ACLU officials questioned county officials in March about public defenders in Dawson County not adhering to American Bar standards.
According to two Lexington attorneys, the ACLU is impressed with the steps the commissioners have taken so far.
Those attorneys, Dave Smith and Brian Davis, were appointed to help guide commissioners in finding qualified applicants, making sure those individuals submitted proper information and examining job expectations.
Nebraska attorneys Alan Jensen, Kenneth Harbison, and Patrick Oman have applied for full-time public defender position for the county. He or she would be assisted by an elected deputy or deputies.
The Lexington attorneys recommended that the public defender be appointed rather than elected as has been the case.
“The problem with electing a public defender is that in the third and fourth year of their term, they begin focusing on re-election instead of on the criminal case load,” Smith said.

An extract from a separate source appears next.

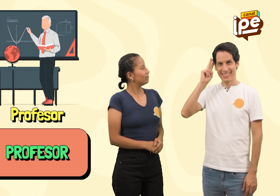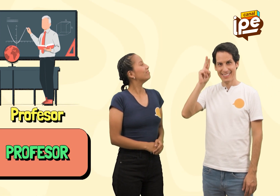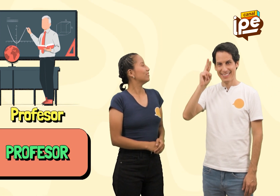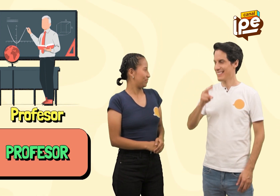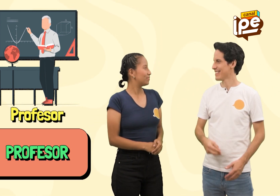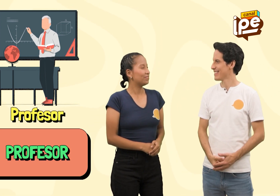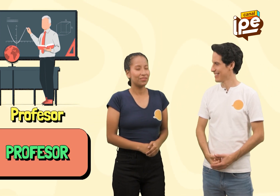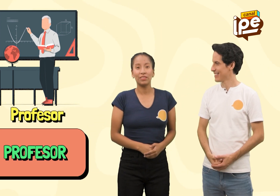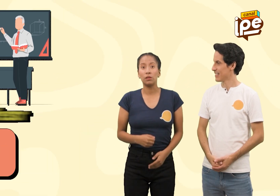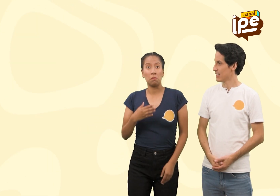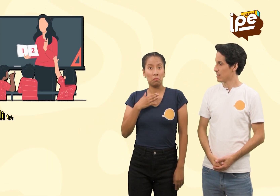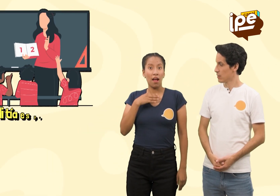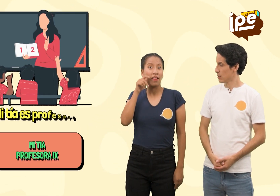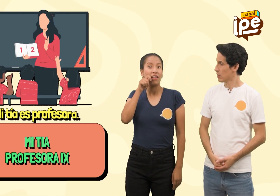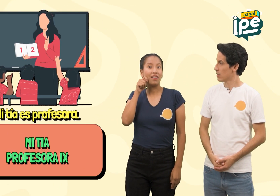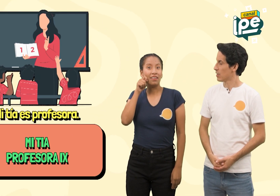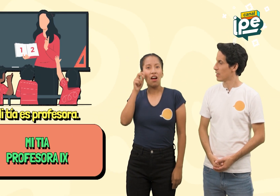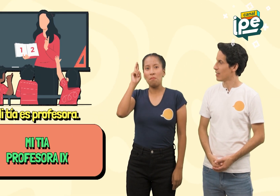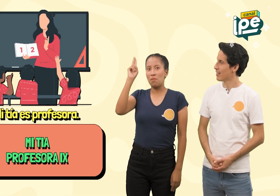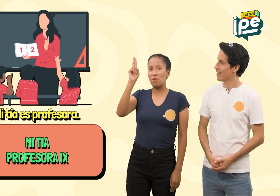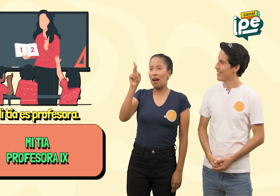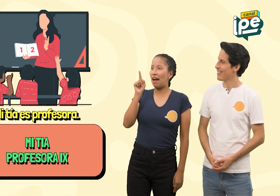Profesor Mi tía es profesora.

Commissioners also heard that the National Advisory Commision on Criminal Justice Standards (NAC) trimmed back its standards to fit the budget of Dawson County.
For instance, NAC officials said no more than 150 felonies per year should be handled per full-time attorney. In 2012, records show that felony cases handled by public defenders in Dawson County nearly doubled the NAC standard.
Commissioners P.J. Jacobsen and Bill Stewart are working with county clerk Karla Zlatkovsky to recommend a public defender to the rest of the board.
They will interview applicants before the next commissioner meeting June 20 and try to bring a recommendation at that time.